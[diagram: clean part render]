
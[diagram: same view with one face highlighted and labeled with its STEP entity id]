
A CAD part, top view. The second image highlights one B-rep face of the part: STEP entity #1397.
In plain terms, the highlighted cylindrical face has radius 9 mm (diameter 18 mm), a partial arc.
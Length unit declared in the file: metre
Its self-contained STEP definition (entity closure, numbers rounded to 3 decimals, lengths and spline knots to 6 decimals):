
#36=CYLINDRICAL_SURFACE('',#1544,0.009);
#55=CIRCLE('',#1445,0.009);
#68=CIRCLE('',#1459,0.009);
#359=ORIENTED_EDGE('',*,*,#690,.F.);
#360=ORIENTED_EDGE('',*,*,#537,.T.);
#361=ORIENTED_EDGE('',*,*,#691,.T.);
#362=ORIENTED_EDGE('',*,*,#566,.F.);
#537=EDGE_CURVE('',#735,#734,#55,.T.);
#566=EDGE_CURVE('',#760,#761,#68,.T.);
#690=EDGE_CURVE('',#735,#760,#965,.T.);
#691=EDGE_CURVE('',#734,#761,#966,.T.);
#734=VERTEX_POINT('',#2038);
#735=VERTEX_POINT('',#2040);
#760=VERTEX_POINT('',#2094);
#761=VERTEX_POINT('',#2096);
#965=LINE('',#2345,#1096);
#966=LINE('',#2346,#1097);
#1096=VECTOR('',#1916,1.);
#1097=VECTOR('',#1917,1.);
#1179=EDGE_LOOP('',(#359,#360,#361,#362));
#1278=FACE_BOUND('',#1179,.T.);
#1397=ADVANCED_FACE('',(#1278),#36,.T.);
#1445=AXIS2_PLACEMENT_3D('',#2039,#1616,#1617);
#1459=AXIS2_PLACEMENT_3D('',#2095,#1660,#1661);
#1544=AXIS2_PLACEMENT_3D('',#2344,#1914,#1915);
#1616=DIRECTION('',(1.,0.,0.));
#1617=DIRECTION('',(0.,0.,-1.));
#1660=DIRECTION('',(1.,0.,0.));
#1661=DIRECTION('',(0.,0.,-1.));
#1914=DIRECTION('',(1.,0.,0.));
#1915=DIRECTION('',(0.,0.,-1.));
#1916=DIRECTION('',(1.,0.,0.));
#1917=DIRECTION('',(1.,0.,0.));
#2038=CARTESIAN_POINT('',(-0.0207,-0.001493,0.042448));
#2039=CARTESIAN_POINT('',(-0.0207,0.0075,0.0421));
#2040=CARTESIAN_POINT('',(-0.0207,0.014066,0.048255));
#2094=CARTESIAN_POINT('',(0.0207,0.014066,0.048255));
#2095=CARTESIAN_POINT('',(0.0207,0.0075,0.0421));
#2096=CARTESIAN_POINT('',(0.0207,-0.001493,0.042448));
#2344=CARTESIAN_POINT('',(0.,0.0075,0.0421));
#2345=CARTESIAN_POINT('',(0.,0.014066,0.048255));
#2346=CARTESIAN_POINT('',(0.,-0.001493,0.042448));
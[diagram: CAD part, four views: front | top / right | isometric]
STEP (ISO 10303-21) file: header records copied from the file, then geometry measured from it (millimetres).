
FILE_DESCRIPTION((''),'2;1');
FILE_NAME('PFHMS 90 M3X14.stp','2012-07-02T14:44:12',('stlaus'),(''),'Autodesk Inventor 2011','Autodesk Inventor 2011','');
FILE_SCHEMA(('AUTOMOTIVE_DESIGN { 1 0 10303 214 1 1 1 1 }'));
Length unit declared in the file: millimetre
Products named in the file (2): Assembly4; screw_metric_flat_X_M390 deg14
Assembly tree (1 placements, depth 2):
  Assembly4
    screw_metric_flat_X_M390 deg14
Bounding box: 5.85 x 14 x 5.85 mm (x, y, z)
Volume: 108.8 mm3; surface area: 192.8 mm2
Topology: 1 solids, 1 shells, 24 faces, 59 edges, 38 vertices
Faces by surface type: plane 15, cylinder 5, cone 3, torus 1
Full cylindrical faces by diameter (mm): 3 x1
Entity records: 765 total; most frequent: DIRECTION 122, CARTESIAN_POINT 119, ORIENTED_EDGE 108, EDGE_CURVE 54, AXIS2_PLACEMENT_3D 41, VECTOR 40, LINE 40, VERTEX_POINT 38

What the task asks:
Nothing should appear in the answer except the lines above from the line with "0 10303 214" through the line with "Volume: 108.8 mm3; surface area: 192.8 mm2", both included, written out exactly.

Output for this task:
FILE_SCHEMA(('AUTOMOTIVE_DESIGN { 1 0 10303 214 1 1 1 1 }'));
Length unit declared in the file: millimetre
Products named in the file (2): Assembly4; screw_metric_flat_X_M390 deg14
Assembly tree (1 placements, depth 2):
  Assembly4
    screw_metric_flat_X_M390 deg14
Bounding box: 5.85 x 14 x 5.85 mm (x, y, z)
Volume: 108.8 mm3; surface area: 192.8 mm2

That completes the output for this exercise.